To see which of these options is used, please refer to the CMake output when you load the initial CMake cache.
This functionality is completely separate from other HDF5 functionality
within FHI-aims, which is controlled by USE_HDF5
instead.
Usage examples
As a simple example, a CCSD(T) calculation of the water molecule with an NAO basis set is performed in PySCF. For this calculation, three steps are necessary: First, the Hartree-Fock orbitals are calculated using FHI-aims and exported into a TREXIO file. Secondly, this file is converted to the FCIDUMP format, which is a simple text file storing only the data necessary for a post-Hartree-Fock calculation. Finally, this file is read in using PySCF to perform the CCSD(T) calculation.
To perform the transformation from TREXIO to FCIDUMP, the python package trexio-tools is used. It is a useful set of scripts to perform a range of simple operations on the stored wave function or to convert between different formats if the targeted program does explicitly read TREXIO files.

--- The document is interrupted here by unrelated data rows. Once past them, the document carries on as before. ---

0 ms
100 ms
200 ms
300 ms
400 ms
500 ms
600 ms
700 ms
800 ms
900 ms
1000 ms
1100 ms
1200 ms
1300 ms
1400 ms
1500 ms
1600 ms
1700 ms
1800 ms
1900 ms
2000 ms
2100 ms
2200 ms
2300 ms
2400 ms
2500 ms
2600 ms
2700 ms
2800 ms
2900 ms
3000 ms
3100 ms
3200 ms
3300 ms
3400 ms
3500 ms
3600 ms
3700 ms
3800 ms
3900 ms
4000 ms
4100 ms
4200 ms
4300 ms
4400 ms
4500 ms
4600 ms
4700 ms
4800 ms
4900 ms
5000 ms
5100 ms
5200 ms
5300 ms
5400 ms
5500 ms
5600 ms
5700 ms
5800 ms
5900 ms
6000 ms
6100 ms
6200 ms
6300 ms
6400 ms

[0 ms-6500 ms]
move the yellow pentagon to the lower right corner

1 — TREXIO file generation
To run the example calculation, you can use the following geometry.in and control.in files.
#geometry.in atom 0.00000000 0.00000000 -0.00614048 O atom 0.76443318 0.00000000 0.58917024 H atom -0.76443318 0.00000000 0.58917024 H
#control.in xc hf calculate_all_eigenstates trexio_export basis trexio_export integrals all 1e-10 trexio_export filename trexfile default_prodbas_acc 1e-10 default_max_l_prodbas 40 default_max_n_prodbas 40 relativistic none
Where tight settings have been used for the product basis. Add a basis set specification to your liking; for testing, very tight tier 1 is recommended. To enable the integration of the large angular momenta in the product basis, it might be necessary to increase the density of the angular grid.

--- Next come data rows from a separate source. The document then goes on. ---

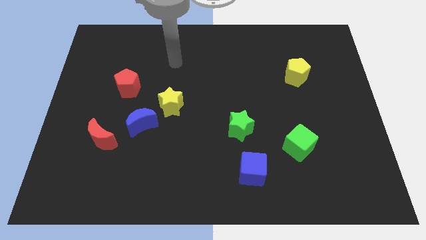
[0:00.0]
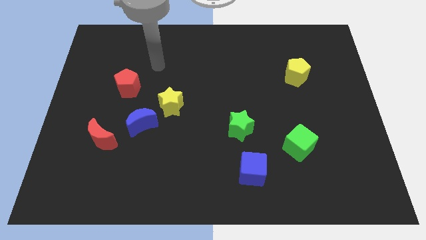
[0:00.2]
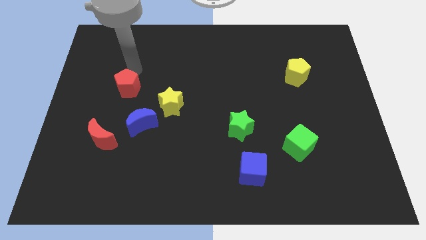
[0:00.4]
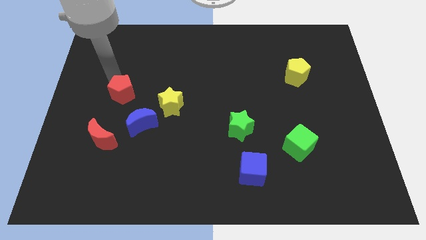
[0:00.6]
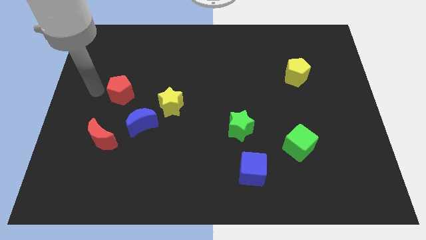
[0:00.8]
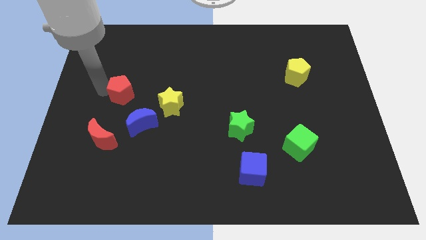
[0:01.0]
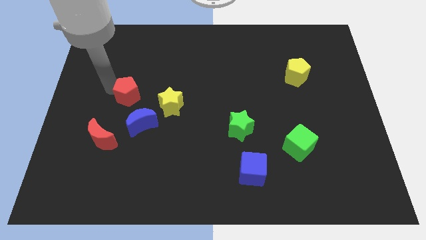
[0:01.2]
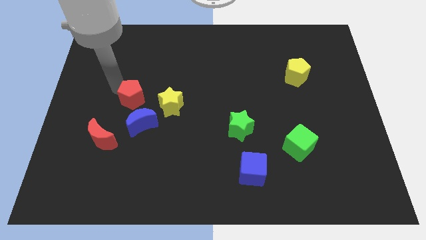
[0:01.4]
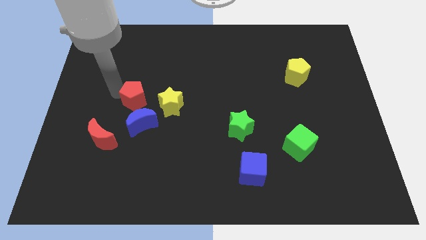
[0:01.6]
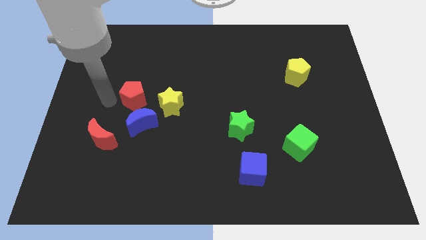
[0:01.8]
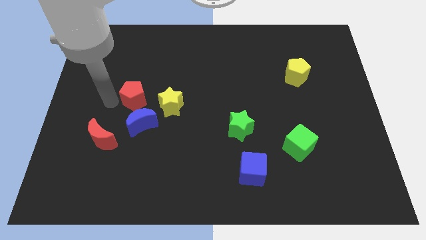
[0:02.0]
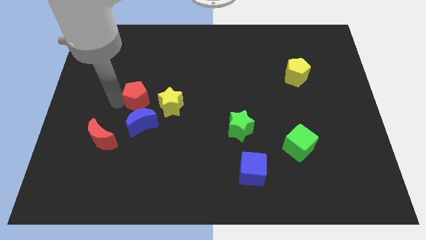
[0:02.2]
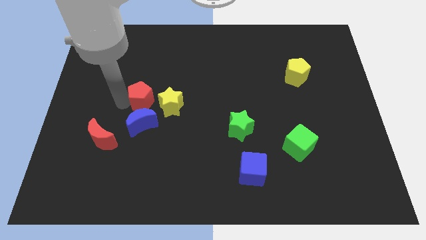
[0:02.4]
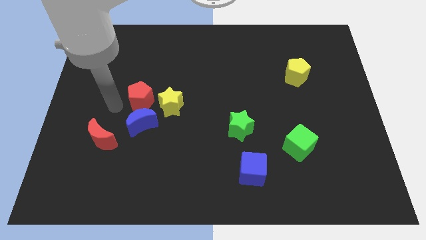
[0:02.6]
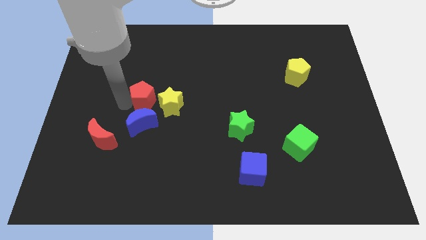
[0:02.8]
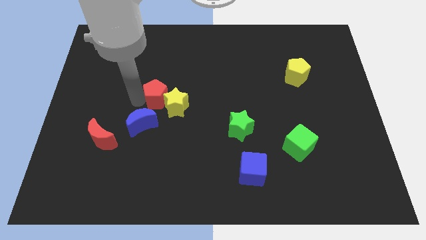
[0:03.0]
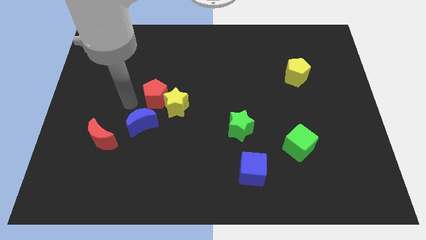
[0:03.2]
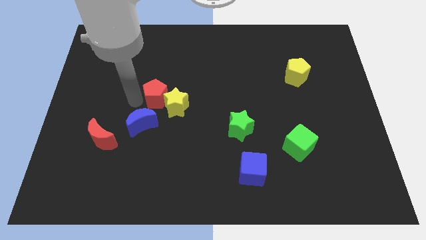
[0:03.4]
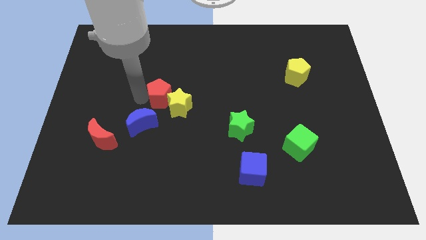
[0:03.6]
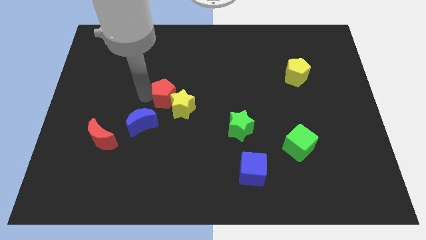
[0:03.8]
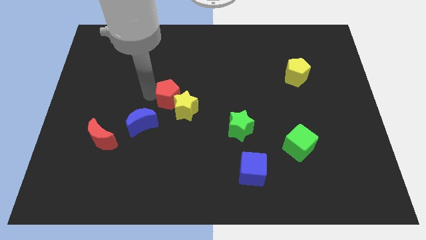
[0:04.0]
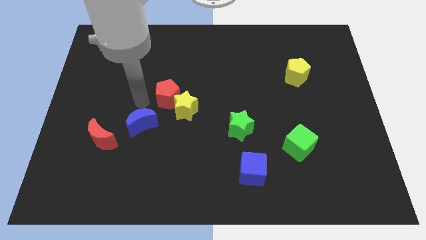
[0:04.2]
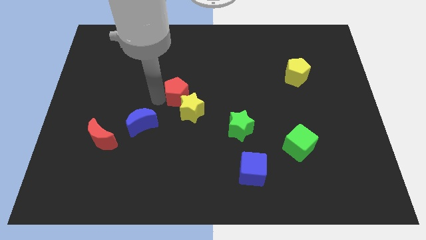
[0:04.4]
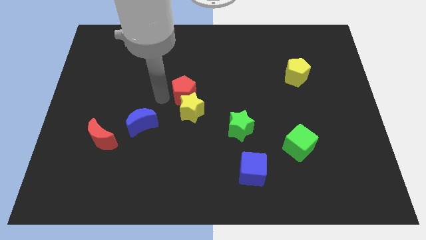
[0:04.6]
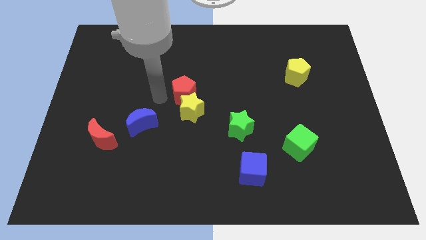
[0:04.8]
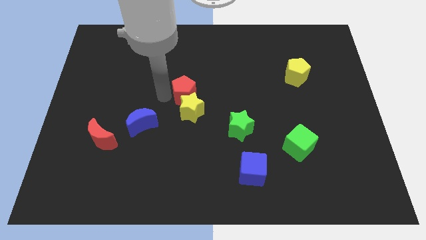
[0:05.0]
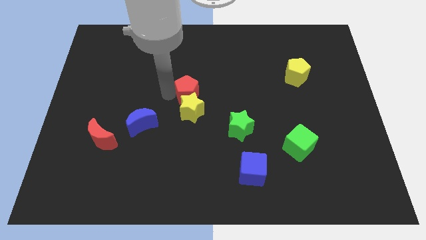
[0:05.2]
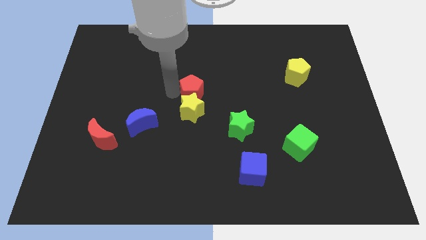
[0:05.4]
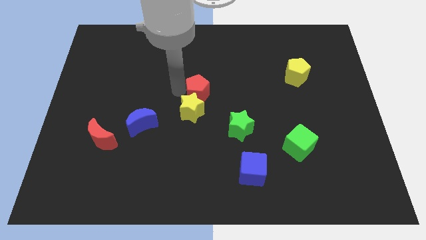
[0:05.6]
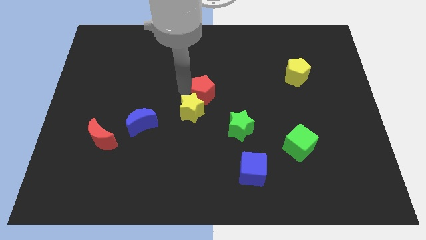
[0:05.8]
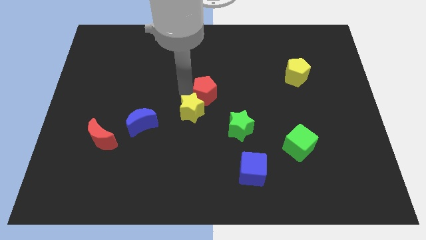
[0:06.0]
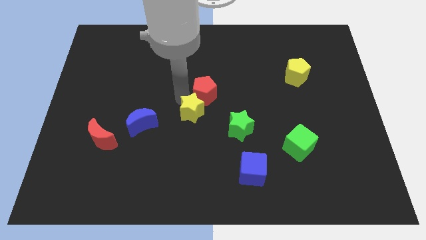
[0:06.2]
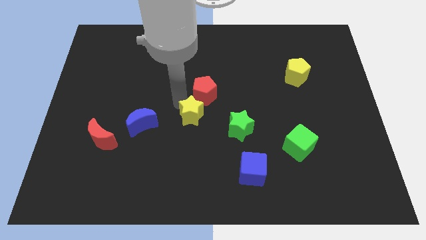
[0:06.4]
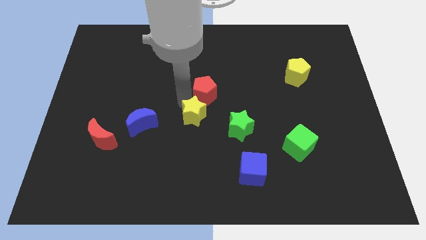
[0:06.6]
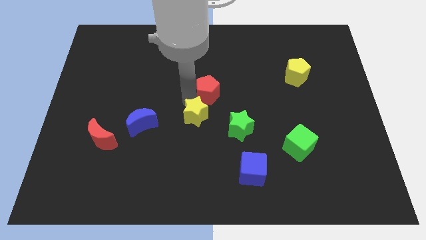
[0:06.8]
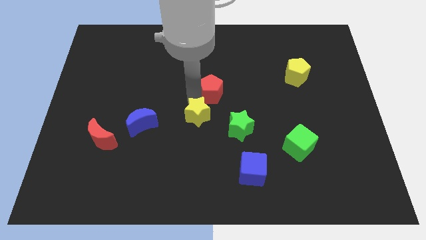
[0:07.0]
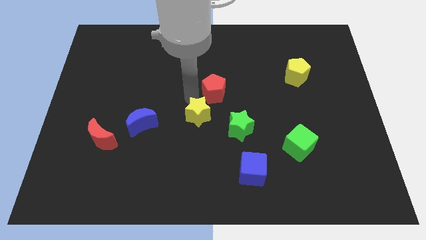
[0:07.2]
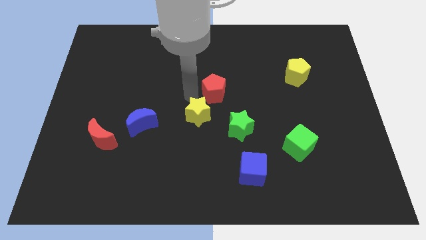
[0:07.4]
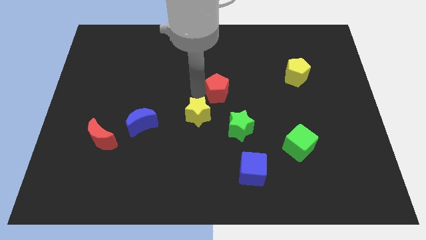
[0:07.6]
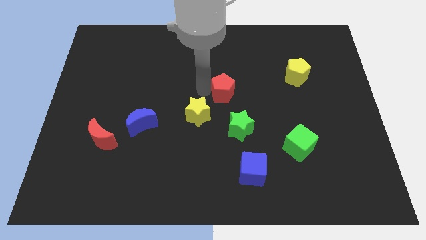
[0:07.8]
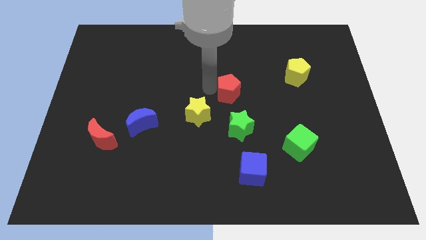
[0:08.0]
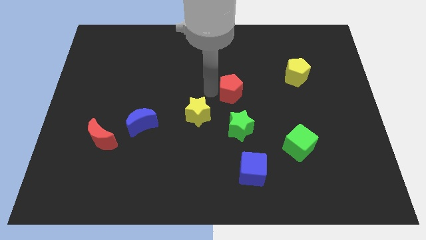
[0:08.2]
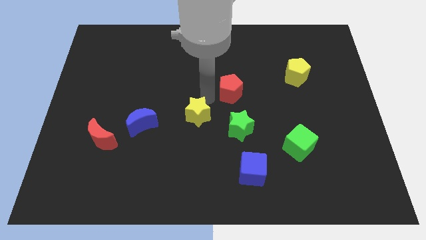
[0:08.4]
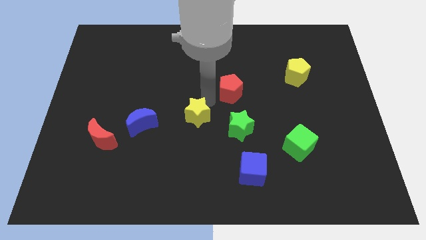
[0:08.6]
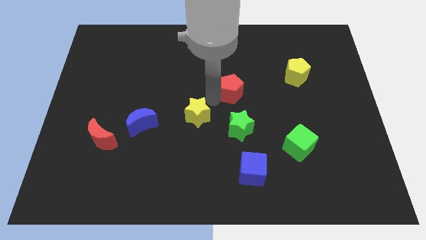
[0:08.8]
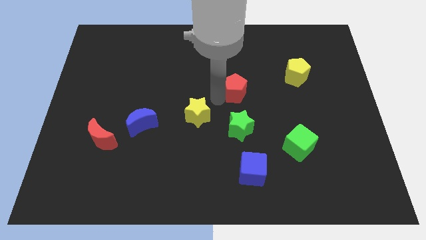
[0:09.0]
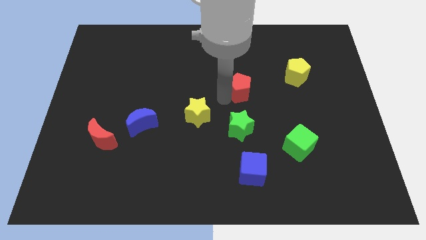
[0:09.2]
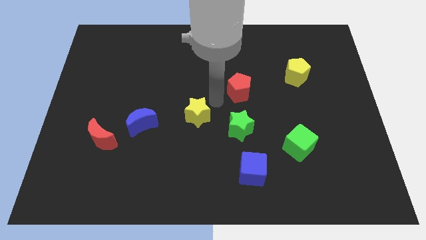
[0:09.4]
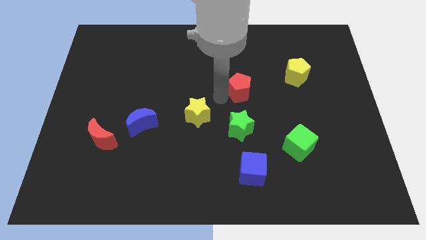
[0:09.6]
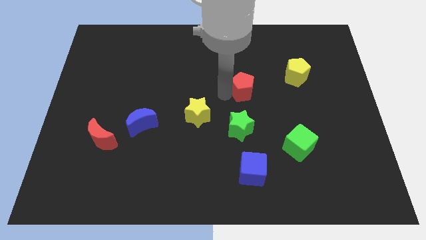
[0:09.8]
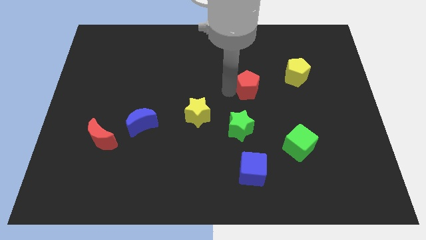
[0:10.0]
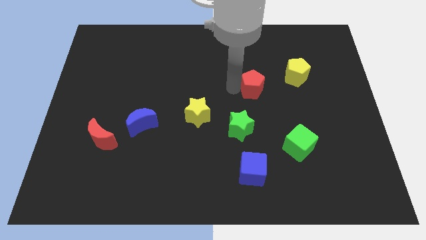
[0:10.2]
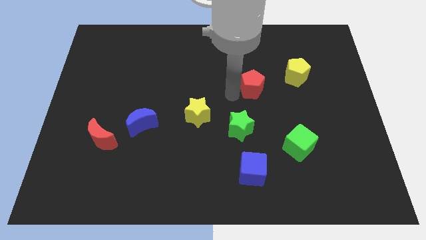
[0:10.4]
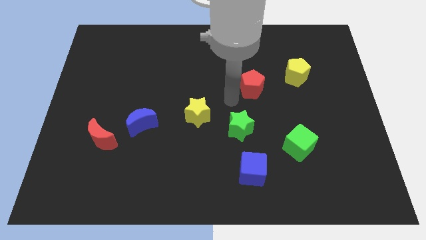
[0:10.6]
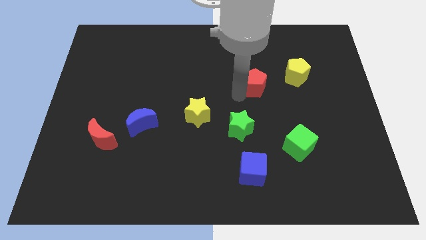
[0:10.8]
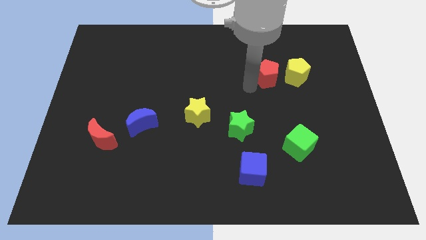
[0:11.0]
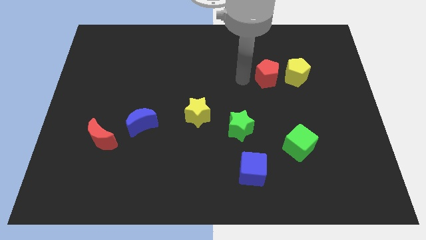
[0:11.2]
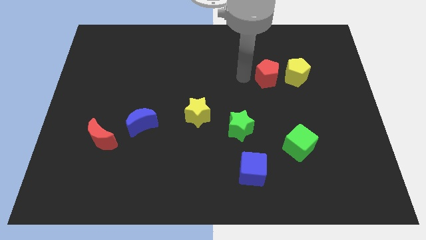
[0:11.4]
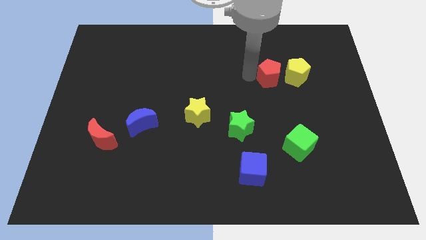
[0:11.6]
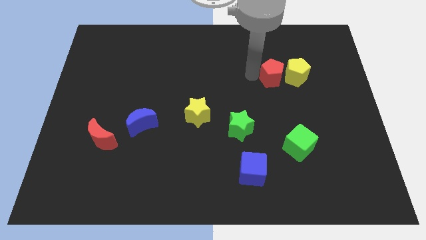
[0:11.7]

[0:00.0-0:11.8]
put the red pentagon close to the yellow pentagon

Run the calculation. The trexfile appears alongside the other output files. If the HDF5 backend is used, a single file is generated. For the text backend, the output is a directory incuding several text files.
2 — File conversion
To perform this step, please install the trexio-tools python package with a package manager of your choice (e.g. pip). You can also install it manually from the Github repository. The package features a number of useful scripts. Although it is a python package, it works as a command that can be used on the command line. For now, run the following in your calculation directory:
trexio convert-to -t fcidump -o h2o.fcidump trexfile
This converts your TREXIO file into an FCIDUMP, which is an older file format that stores the minimal information necessary for post-Hartree-Fock methods.
3 — CCSD(T) calculation with FHI-aims integrals
Install PySCF if it is not yet available on your machine. You can then run the following script either from a file or interactively:
#Python script to perform a CCSD(T) calculation from a FCIDUMP file
import pyscf
import pyscf.cc
import pyscf.tools.fcidump
# Load the FCIDUMP
mf = pyscf.tools.fcidump.to_scf("h2o.fcidump")

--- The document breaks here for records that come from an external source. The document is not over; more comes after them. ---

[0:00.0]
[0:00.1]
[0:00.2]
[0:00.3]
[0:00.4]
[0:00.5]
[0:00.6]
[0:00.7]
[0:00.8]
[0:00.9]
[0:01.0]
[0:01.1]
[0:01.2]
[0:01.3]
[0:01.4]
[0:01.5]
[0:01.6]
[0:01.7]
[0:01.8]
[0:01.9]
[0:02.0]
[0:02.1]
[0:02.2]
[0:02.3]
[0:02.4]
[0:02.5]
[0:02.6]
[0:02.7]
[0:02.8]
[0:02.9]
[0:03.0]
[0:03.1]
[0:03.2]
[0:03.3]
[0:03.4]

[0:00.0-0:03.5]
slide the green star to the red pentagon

# Run Hartree-Fock with molecular orbitals to set
# up the scf object
hf_energy = mf.kernel()
# Initialize CCSD object
mcc = pyscf.cc.CCSD(mf)
# Run CCSD as starting point
ccsd_correction = mcc.kernel()[0]
# Calculate perturbative triples correction
perturbative_correction = mcc.ccsd_t()
print("SCF energy: ", 27.2113845*hf_energy, \
"\t(Compare to FHI-aims value!)"
print("Total CCSD(T) energy: ", hf_energy \
+ ccsd_correction + perturbative_correction)
The Hartree-Fock energy produced by this script can be compared to that given by FHI-aims to assess whether the product basis is sufficiently large for the desired application or whether the integral threshold should be lowered.